Whatever output format you pick (or whatever you click in the editor's toolbar), the result is **valid HTML you can email, host, or print**. Specifics:

### Single HTML
- One `.html` file. Open in any browser.
- Images and audio are encoded as base64 data URIs.
- File can be 10–50 MB depending on slide count and audio.
- Best for: emailing, archiving.

### Zip bundle
- A `.zip` containing `study-guide.html` and a `static/` folder.
- Images stay as `.jpg` files; audio as `.mp3`.
- Best for: hosting on a static site, GitHub Pages, an LMS.

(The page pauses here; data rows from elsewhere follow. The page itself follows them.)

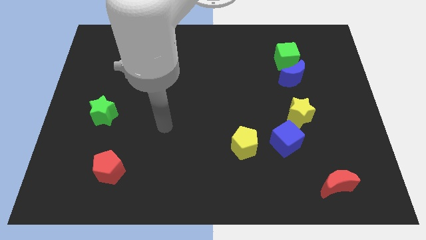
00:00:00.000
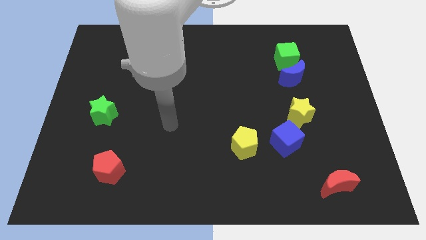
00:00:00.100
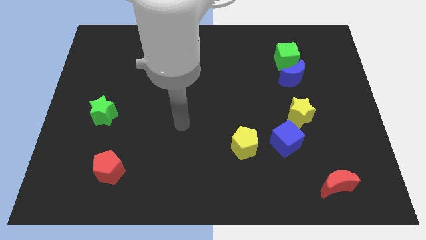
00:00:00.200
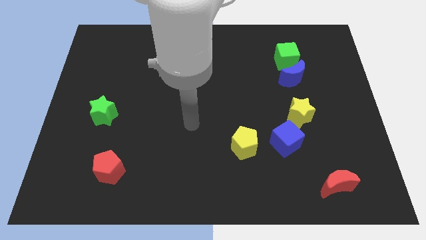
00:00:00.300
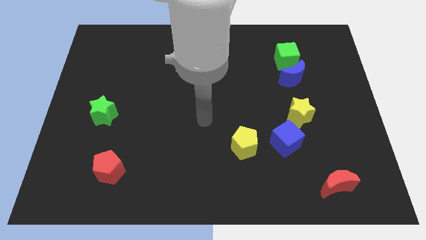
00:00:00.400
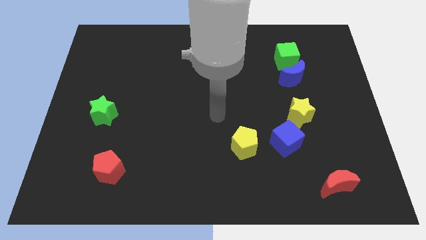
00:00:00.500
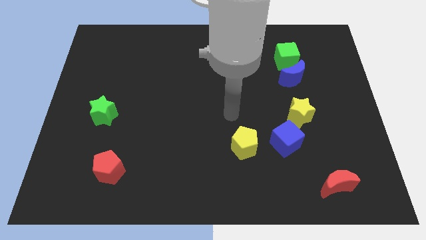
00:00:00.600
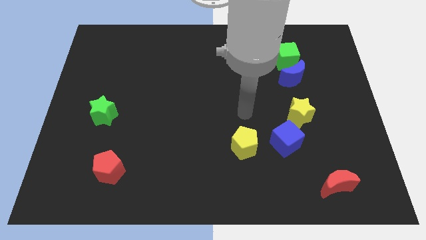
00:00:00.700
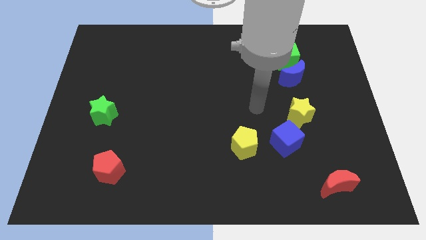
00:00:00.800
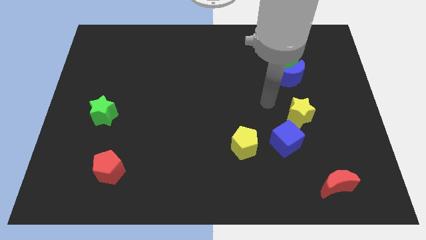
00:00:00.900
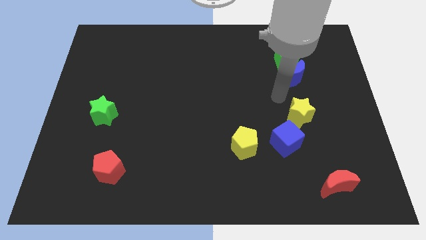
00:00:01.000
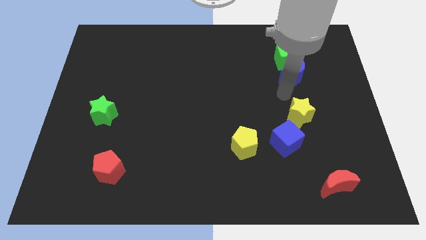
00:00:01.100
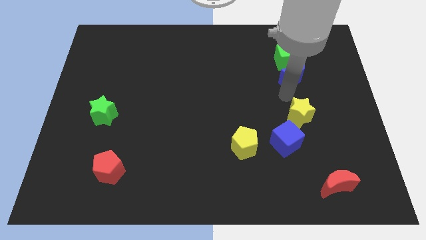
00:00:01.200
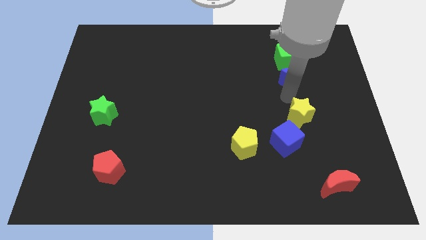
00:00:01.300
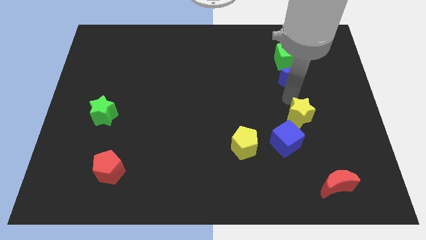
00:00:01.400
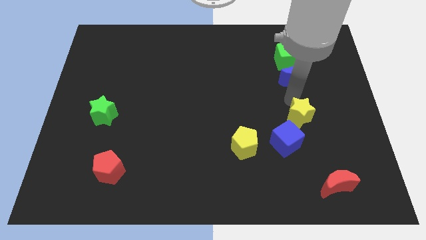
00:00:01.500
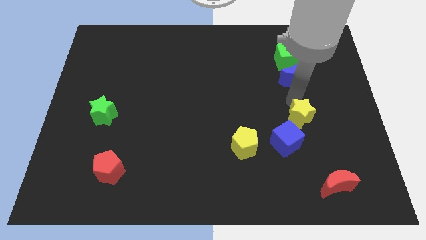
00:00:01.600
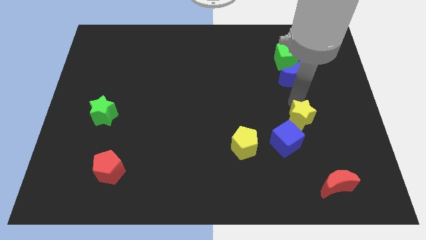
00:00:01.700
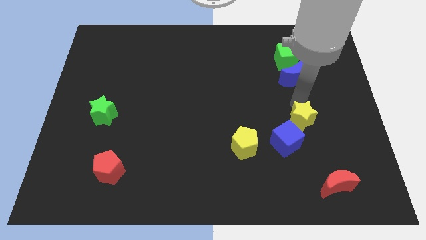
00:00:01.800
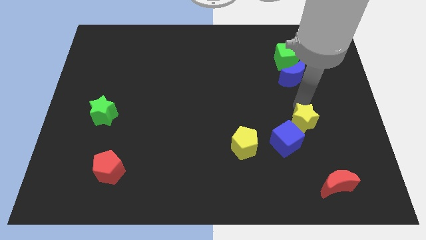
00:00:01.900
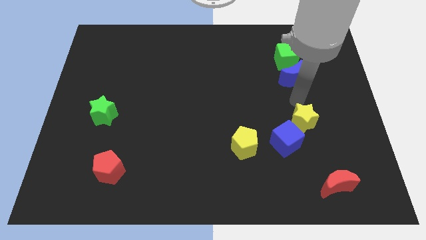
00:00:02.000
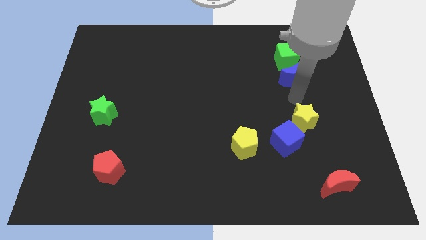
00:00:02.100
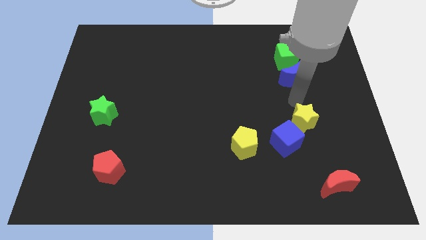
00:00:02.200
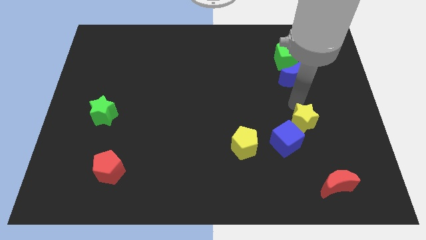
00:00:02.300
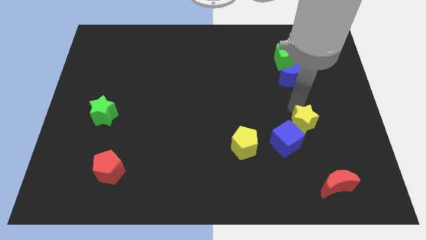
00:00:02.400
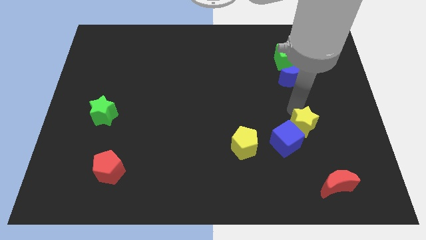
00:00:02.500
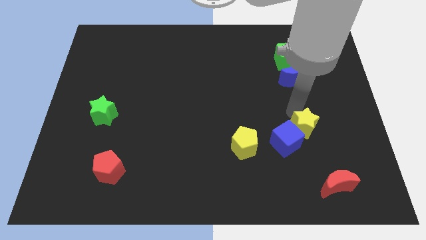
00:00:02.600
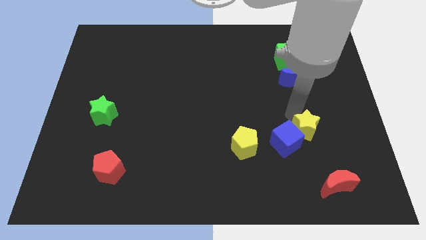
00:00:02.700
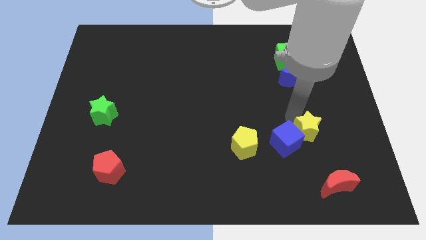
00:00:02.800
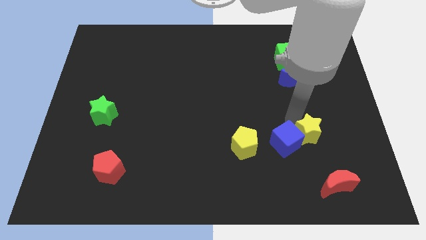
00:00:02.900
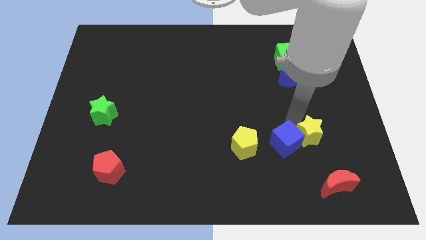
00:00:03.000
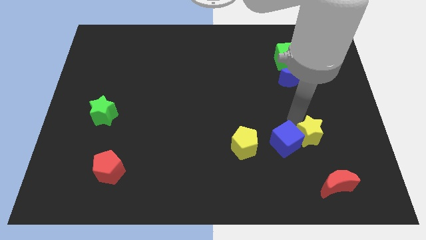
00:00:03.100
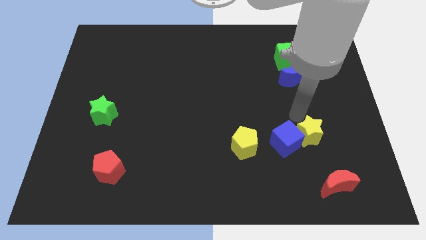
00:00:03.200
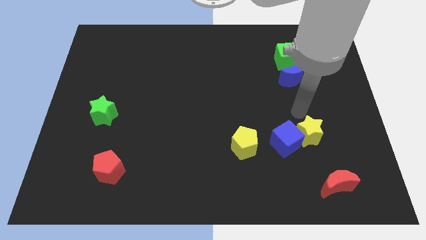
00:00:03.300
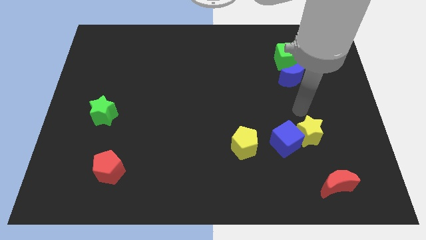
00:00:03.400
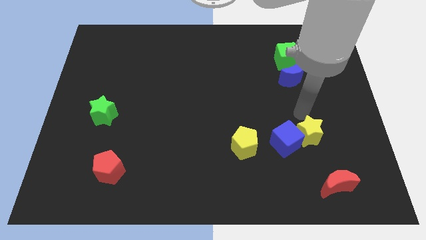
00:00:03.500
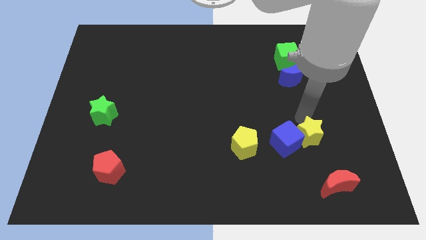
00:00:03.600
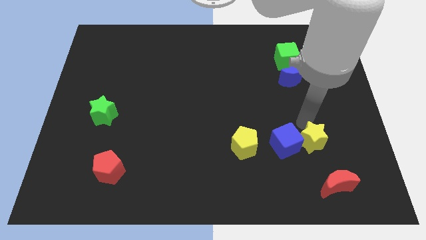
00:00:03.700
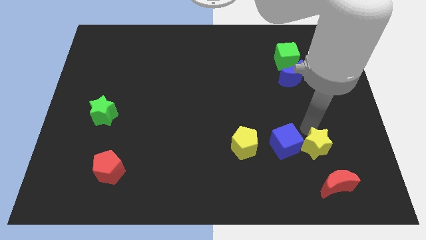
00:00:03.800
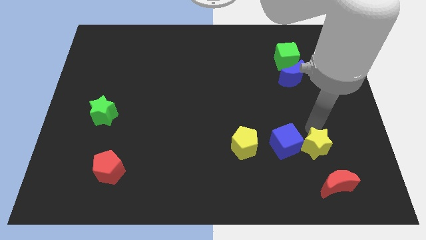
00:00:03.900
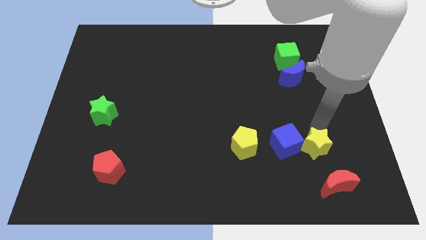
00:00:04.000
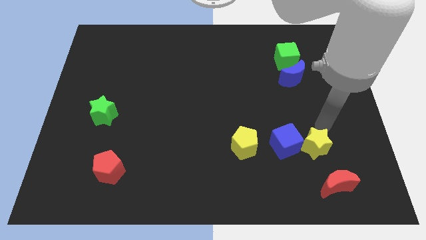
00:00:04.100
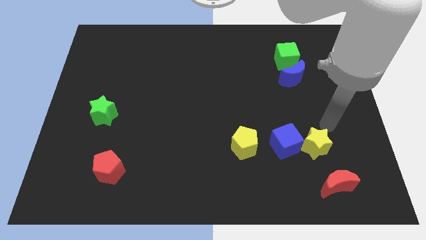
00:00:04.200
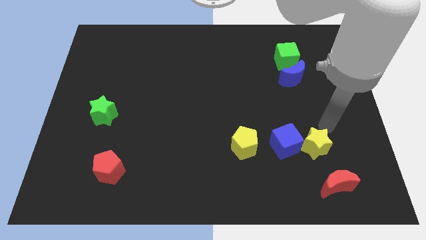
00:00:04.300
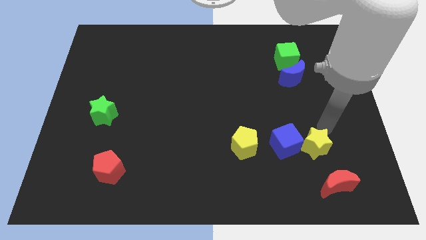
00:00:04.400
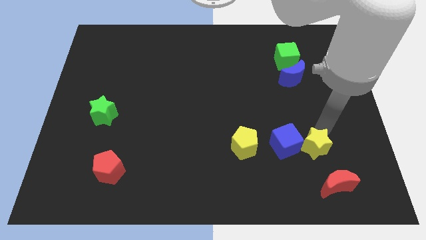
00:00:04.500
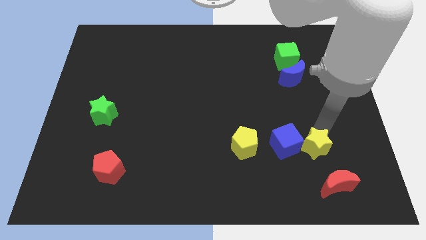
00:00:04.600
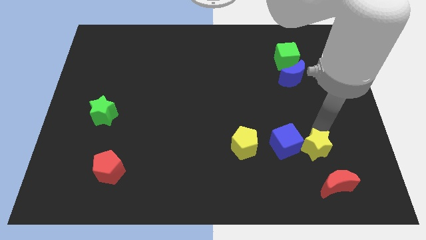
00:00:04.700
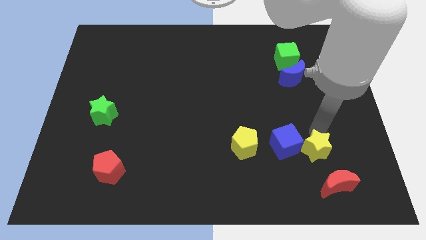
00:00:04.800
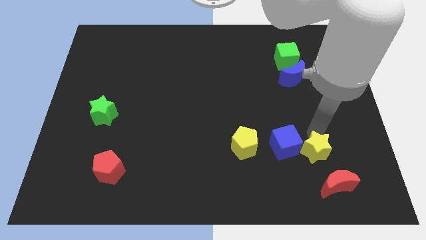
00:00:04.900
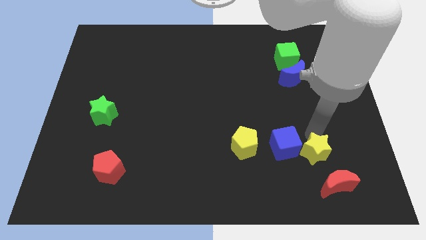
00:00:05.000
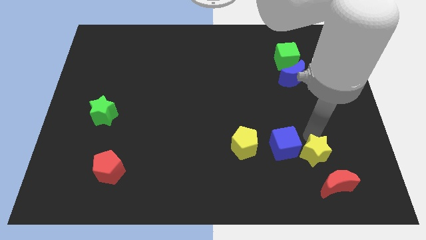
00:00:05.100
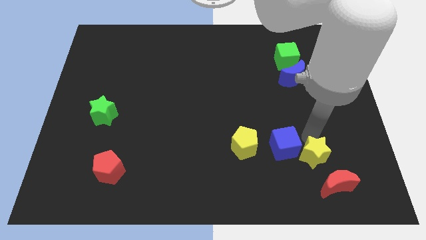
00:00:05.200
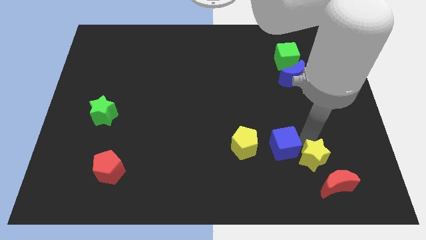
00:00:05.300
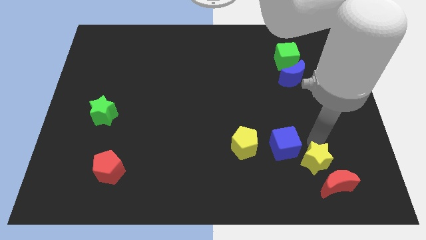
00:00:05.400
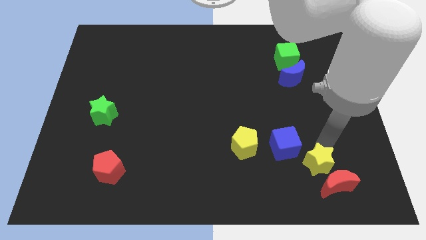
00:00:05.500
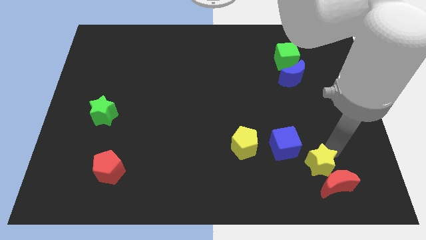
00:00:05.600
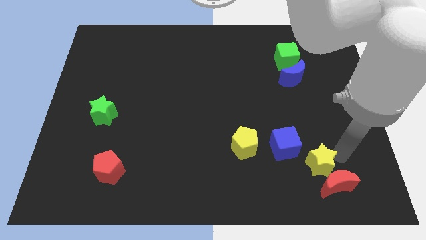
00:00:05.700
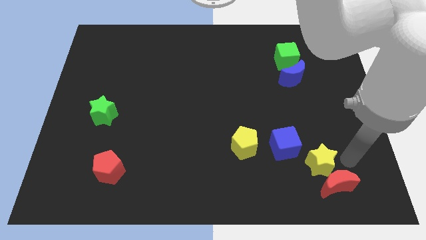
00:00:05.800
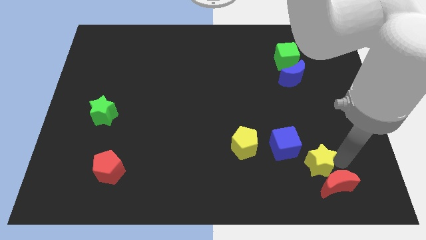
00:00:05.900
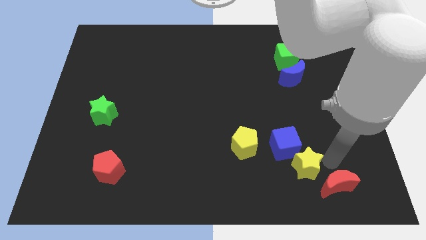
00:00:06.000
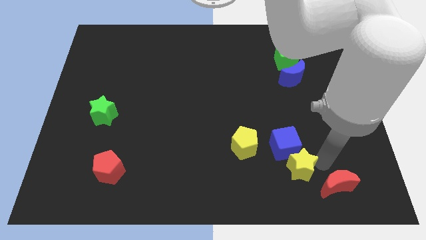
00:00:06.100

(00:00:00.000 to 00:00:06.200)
slightly push the yellow star downwards and left

### Review & edit (in the editor)
- The editor page itself. Won't be downloaded as-is.
- From here, click any of the toolbar's download buttons.

---

## Tips for the best results

**Use a clean transcript.**
Auto-generated captions are usually fine, but they tend to misspell technical terms. A 5-minute pass over the `.srt` before uploading saves a lot of editing later.

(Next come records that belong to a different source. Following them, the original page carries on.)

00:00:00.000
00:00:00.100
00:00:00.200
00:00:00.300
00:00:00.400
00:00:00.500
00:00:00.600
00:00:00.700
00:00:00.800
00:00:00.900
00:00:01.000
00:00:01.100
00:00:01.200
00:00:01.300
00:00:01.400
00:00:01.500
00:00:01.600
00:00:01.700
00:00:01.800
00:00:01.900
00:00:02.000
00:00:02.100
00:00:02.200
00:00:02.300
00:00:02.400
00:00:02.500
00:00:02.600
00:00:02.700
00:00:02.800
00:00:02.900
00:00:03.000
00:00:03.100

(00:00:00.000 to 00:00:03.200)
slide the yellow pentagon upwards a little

**Set scene-change sensitivity to your lecture style.**
Hand-drawn whiteboard work needs lower (10–15). Slide-only decks work fine at 27. Talking-head with a single shared screen needs 35+.

**Tick AI on-screen text for slides with colour callouts.**
The local OCR engine struggles with white-text-on-coloured-background. Claude reads them perfectly.

**Don't tick every AI feature on the first run.**
Each costs API tokens. Section titles and alt text are the highest-leverage two — start with those. Add key terms / equations / OCR if specific gaps appear.

**The "Include" checkbox is your friend.**
It's faster to drop bad segments than to re-run the pipeline with stricter settings.

**Save the JSON before downloading.**
If you spend 20 minutes editing and then your browser tab closes, the JSON checkpoint is the only way to recover.

---

## Troubleshooting

**"No usable visual segments found"**
The scene detector found nothing or every frame was filtered as instructor-only. Try (a) lowering the scene-change sensitivity, or (b) raising the instructor-frame face threshold.

**"Server is at the 8-job concurrency cap"**
Someone else's job is currently running on the same server. Wait a minute and click **Generate** again.

**"Video exceeds the 500 MB upload limit" / "Transcript exceeds the 5 MB upload limit"**
Compress the video before uploading (HandBrake, ffmpeg) or split it. The transcript limit is huge — if you're hitting it, your captions file is likely a binary blob, not a real `.srt`.

**Progress stalls on OCR for a long time**
Tesseract is slow on the free CPU tier. A 30-min lecture takes 1–2 minutes for OCR. If it's been 5+ minutes, tick **Skip OCR** in advanced settings and re-run, then optionally turn on the AI **On-screen text** toggle instead — Claude is much faster.

**The OCR text reads like garbage**
Coloured callouts and decorative fonts confuse Tesseract. Tick **On-screen text (Claude)** under AI assist.

**Equations render as raw LaTeX**
Make sure MathJax loaded — check the browser console. If you're behind a corporate firewall that blocks `cdn.jsdelivr.net`, MathJax won't load.

**The instructor's face is showing as the slide image**
Click an alternate thumbnail under that slide. The app keeps up to two alternates per scene precisely for this case.

**Edits got lost when I refreshed**
Always **Save edits (JSON)** before refreshing, closing the tab, or stepping away. The editor doesn't persist to localStorage.

**Downloaded HTML won't open**
Some email clients block `.html` attachments. Zip the file or use the Zip bundle output.

**Audio plays in the editor but not in the downloaded file**
The download path inlines audio as data URIs. If you downloaded the zip bundle, the audio is in `static/segment_*.mp3` — check your browser console for missing-file errors.

---

If you hit something this guide doesn't cover, hand the error message to whoever set up the app for you. Most issues are resolved by lowering the scene-change sensitivity or ticking the **On-screen text (Claude)** toggle.